◆ Problem to solve: Check each line of the material. Copy those containing "none".

[[ Material provided open ]]

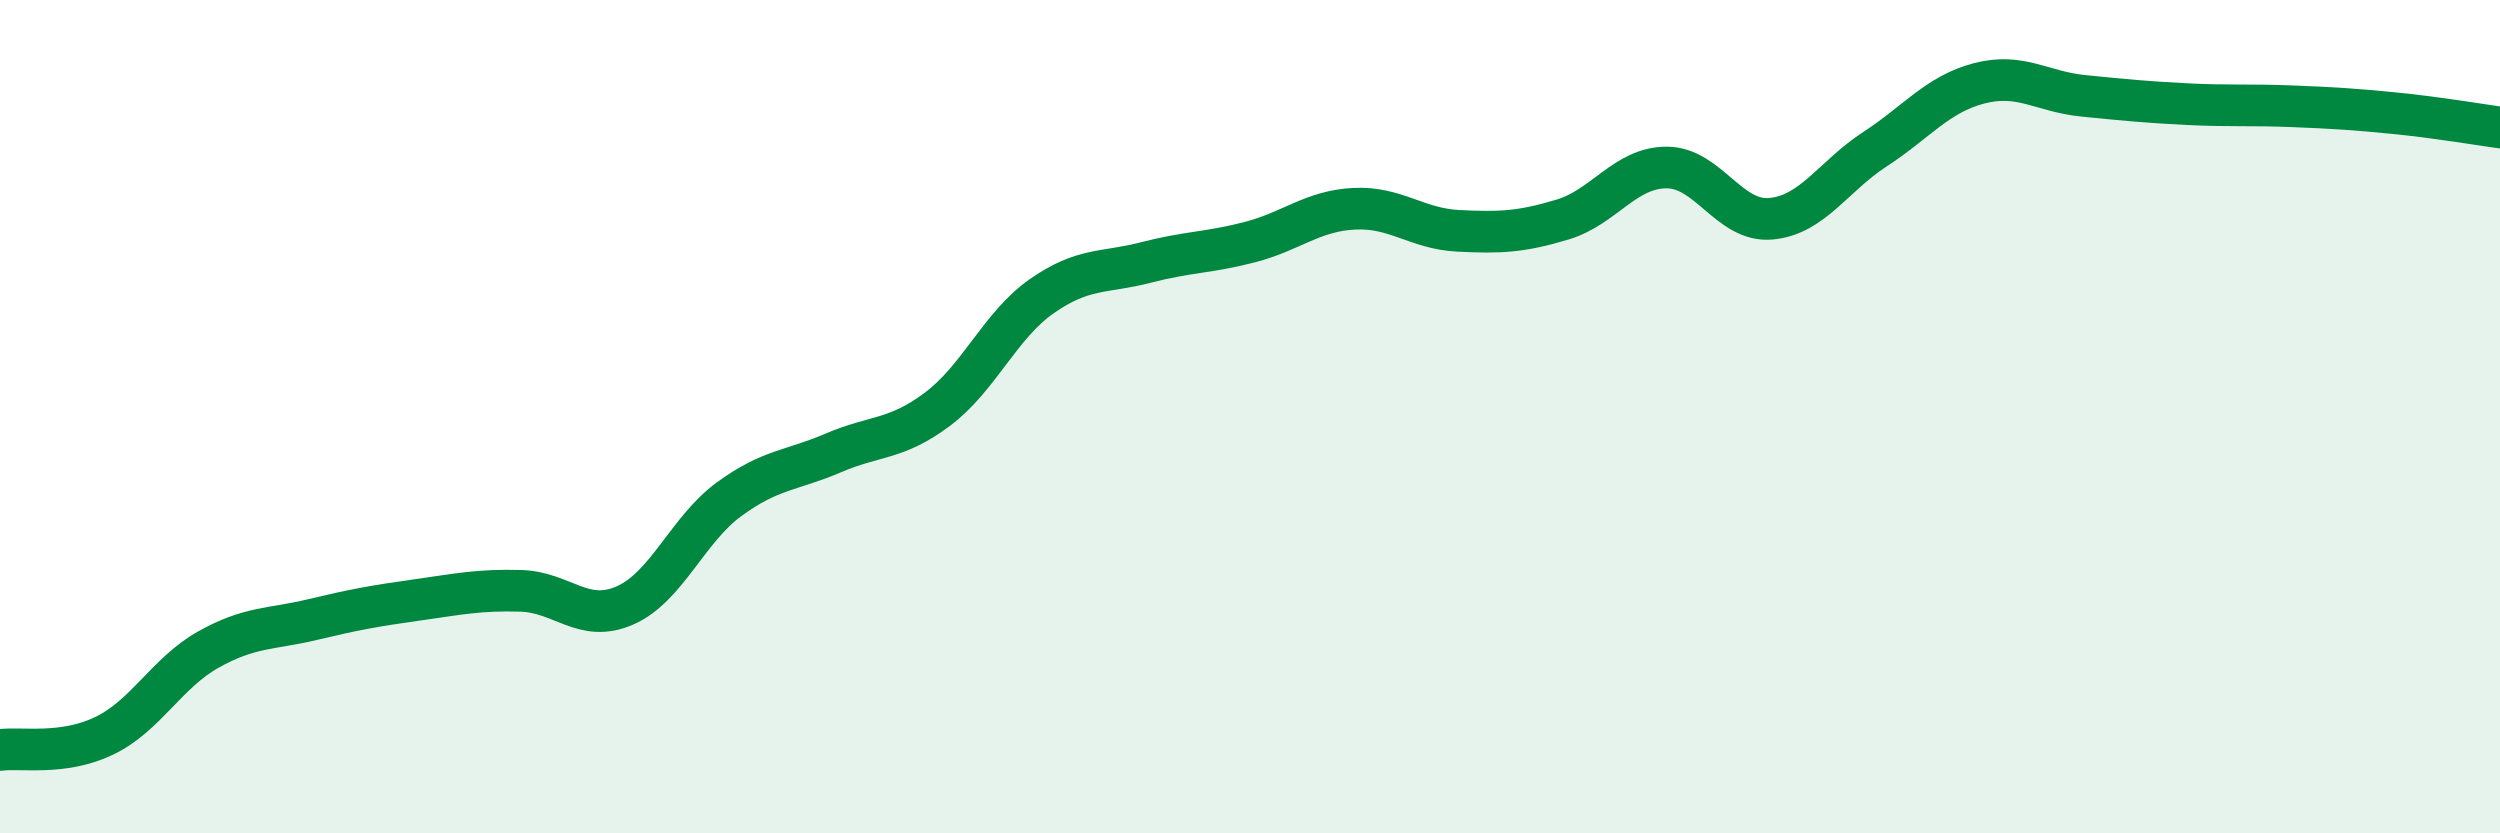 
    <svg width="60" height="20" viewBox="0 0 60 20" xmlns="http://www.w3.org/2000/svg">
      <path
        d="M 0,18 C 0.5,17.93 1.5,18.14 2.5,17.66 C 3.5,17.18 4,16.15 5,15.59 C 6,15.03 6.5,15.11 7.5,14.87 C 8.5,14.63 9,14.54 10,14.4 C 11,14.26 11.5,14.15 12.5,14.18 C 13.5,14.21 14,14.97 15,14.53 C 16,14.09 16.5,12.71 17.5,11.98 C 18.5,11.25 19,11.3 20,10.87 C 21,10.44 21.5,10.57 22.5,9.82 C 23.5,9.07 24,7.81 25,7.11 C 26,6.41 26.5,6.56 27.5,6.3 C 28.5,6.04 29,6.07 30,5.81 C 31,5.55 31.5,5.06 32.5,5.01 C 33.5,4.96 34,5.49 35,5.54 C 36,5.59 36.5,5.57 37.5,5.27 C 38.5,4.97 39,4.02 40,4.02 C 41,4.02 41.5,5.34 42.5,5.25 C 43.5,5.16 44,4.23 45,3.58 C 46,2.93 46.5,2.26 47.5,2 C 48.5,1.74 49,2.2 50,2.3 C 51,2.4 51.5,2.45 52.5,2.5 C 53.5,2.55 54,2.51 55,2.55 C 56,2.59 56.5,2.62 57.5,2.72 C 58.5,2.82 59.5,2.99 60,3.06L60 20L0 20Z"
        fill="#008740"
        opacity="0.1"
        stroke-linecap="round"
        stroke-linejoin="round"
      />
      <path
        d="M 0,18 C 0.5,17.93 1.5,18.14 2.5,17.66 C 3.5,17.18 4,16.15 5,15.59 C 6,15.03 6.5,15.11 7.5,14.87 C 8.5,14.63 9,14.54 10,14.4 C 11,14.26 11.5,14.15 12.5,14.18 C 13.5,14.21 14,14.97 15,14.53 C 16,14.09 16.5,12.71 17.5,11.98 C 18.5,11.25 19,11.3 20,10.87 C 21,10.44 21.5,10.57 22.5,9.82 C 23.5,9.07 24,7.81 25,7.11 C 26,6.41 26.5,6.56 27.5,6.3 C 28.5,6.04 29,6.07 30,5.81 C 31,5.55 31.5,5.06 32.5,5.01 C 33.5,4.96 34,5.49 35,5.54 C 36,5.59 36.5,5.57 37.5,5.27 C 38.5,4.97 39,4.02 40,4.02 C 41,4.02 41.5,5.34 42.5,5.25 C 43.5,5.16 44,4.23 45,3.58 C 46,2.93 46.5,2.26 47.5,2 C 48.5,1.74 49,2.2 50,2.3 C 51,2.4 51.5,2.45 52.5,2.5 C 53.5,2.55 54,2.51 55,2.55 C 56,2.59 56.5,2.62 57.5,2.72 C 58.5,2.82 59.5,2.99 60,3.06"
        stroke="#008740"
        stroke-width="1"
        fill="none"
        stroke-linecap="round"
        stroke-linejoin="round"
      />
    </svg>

[[ Material provided closed ]]
[[ Material provided open ]]

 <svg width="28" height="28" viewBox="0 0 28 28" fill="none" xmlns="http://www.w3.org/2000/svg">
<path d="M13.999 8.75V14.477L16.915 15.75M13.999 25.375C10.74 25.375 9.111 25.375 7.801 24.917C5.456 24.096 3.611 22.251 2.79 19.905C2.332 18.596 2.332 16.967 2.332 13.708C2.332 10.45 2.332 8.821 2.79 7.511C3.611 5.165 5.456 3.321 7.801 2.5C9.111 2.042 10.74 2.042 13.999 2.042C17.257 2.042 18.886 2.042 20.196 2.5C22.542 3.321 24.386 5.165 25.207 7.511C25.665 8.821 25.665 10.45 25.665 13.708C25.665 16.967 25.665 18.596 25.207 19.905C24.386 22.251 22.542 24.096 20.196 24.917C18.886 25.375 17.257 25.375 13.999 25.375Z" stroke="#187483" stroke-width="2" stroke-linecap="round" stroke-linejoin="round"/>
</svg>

[[ Material provided closed ]]
[[ Material provided open ]]

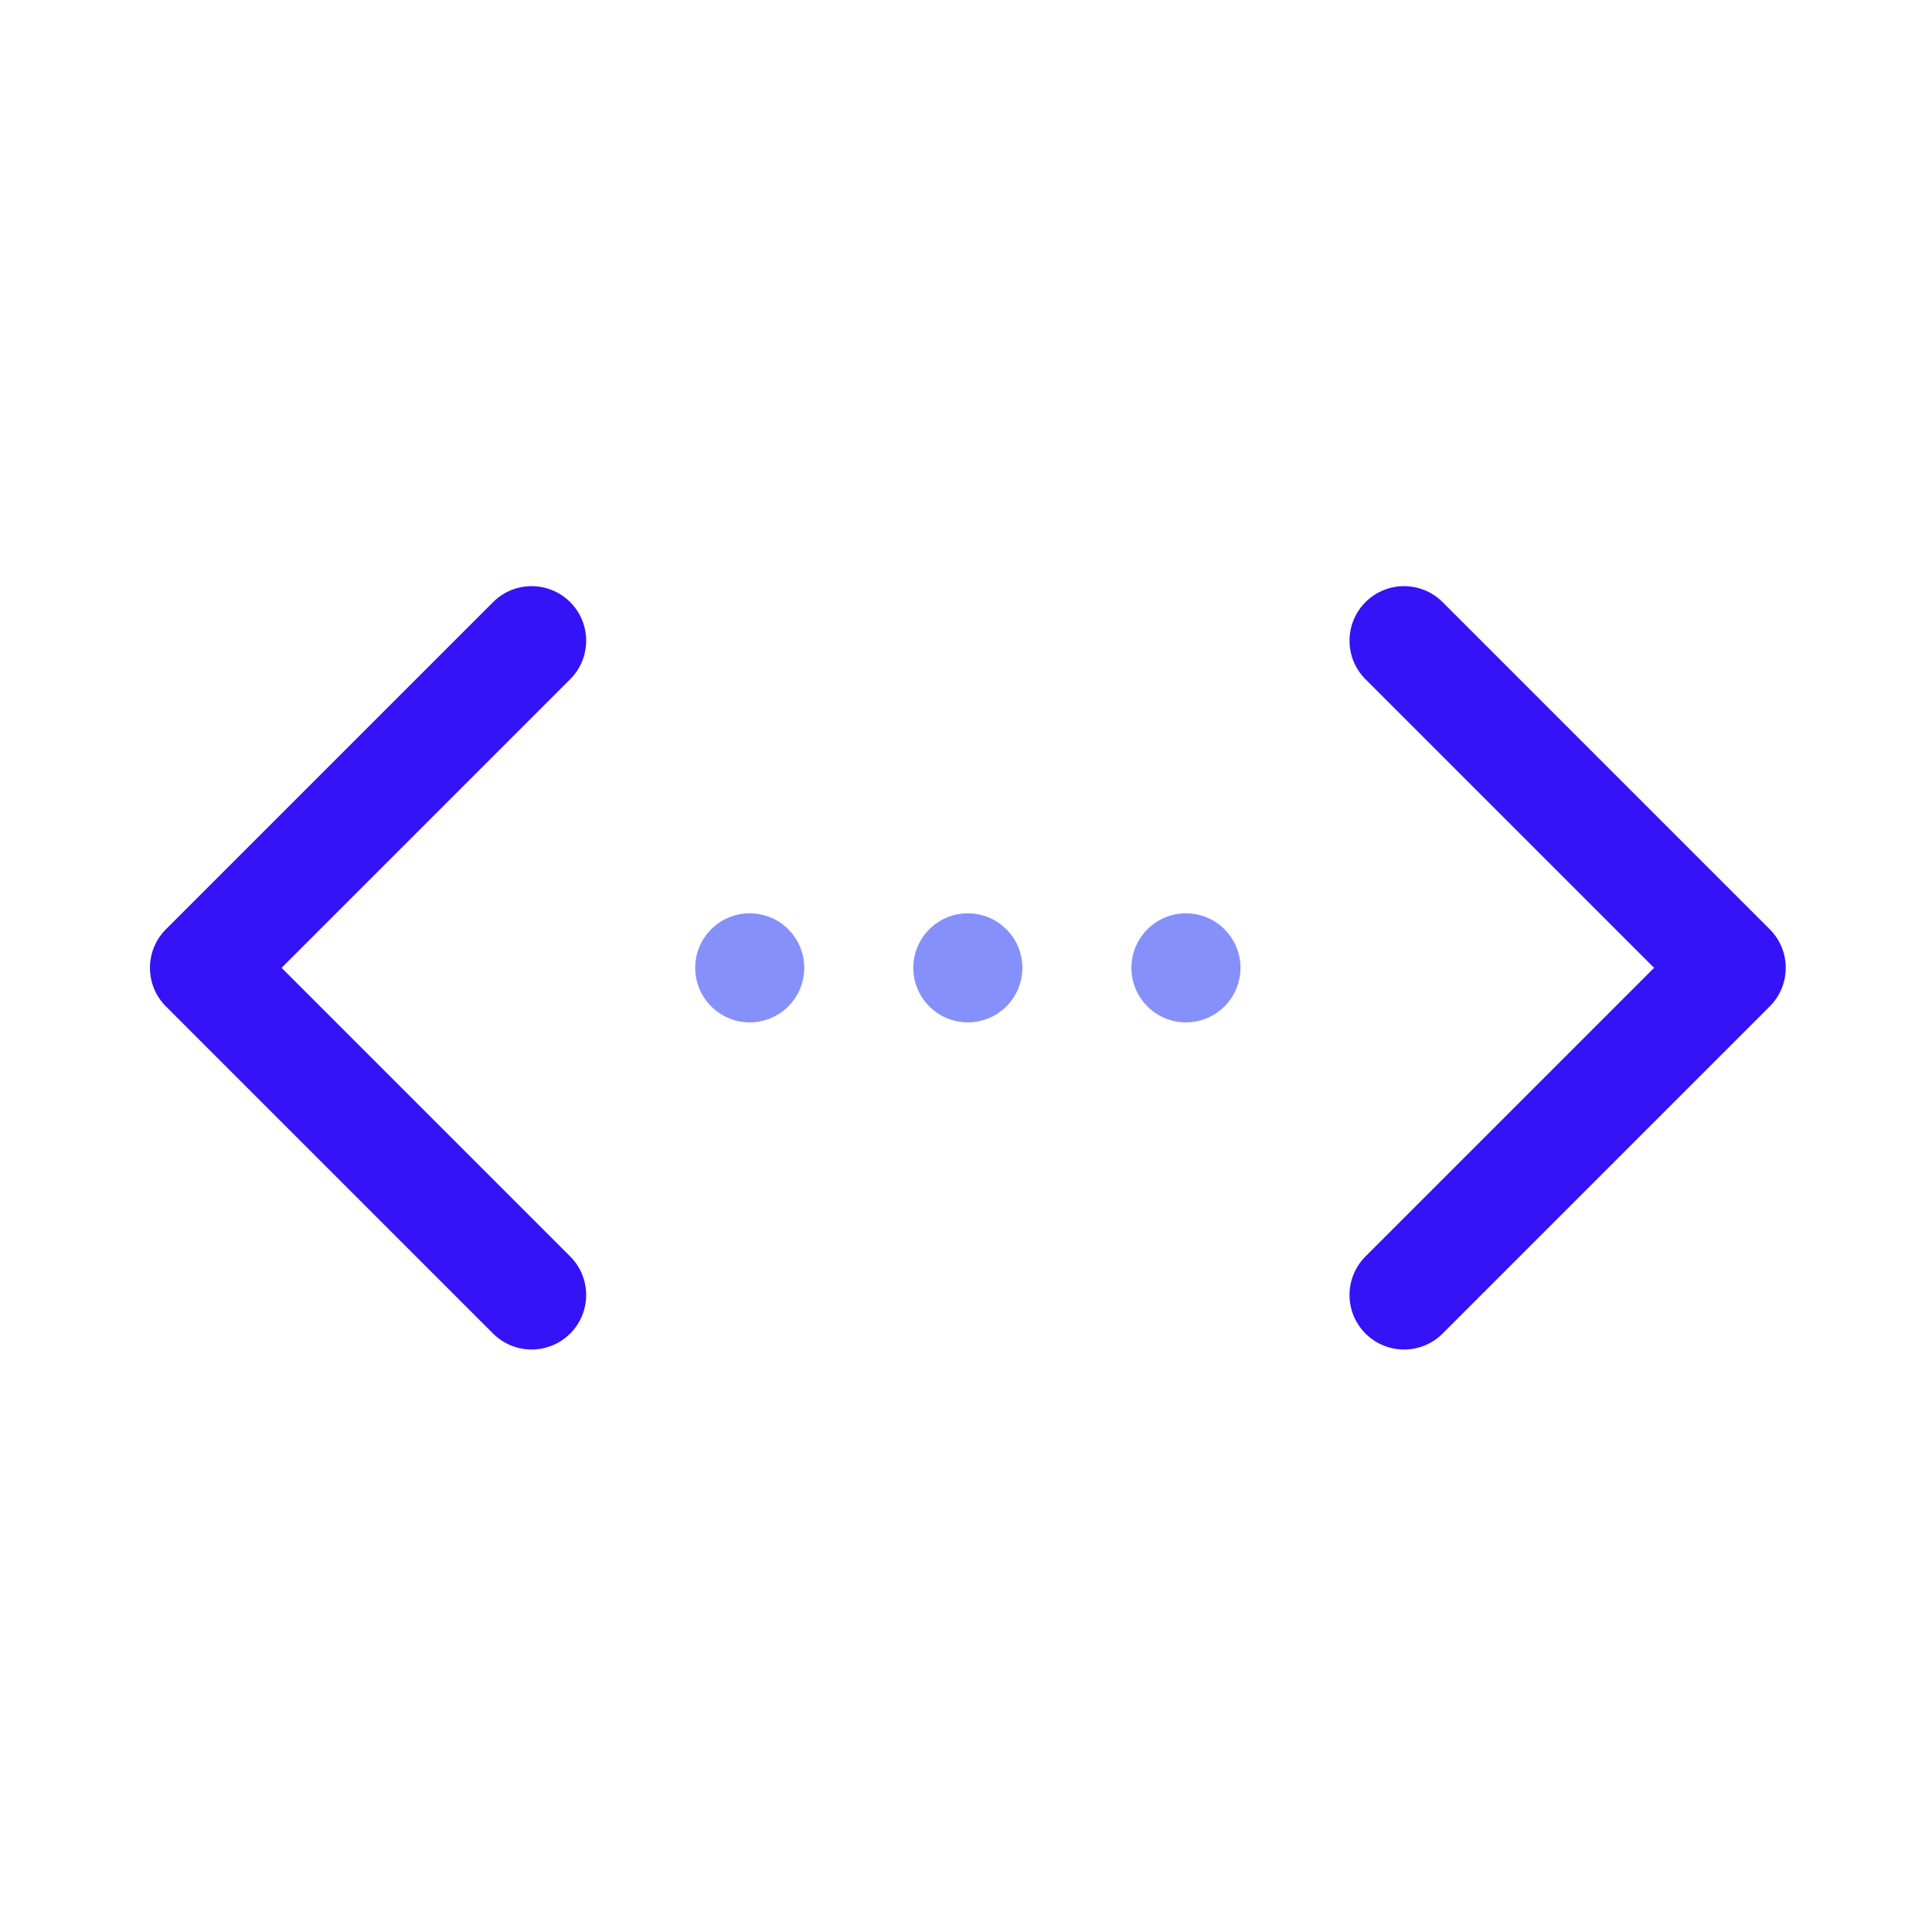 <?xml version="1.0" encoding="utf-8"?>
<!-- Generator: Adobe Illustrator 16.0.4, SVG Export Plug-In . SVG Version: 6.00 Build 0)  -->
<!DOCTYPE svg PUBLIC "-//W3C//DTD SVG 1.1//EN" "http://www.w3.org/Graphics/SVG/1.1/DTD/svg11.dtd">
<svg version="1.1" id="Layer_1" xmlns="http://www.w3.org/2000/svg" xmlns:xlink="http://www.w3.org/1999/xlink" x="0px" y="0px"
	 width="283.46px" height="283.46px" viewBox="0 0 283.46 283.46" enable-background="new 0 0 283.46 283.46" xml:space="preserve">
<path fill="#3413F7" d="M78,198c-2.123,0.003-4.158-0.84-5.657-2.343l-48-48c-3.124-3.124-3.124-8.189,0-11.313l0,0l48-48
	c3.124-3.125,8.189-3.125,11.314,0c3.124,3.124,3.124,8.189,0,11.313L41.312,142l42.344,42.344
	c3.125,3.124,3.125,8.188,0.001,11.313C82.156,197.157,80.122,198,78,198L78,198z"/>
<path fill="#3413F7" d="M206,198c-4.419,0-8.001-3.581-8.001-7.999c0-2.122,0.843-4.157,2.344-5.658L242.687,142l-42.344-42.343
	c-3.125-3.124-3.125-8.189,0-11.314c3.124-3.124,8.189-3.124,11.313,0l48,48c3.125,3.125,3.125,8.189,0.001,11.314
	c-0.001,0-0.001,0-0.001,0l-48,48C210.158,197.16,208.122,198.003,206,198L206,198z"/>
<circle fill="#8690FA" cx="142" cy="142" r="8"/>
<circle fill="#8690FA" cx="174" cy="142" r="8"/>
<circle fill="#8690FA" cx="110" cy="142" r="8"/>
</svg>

[[ Material provided closed ]]

◆ Your solution:
        fill="none"
 <svg width="28" height="28" viewBox="0 0 28 28" fill="none" xmlns="http://www.w3.org/2000/svg">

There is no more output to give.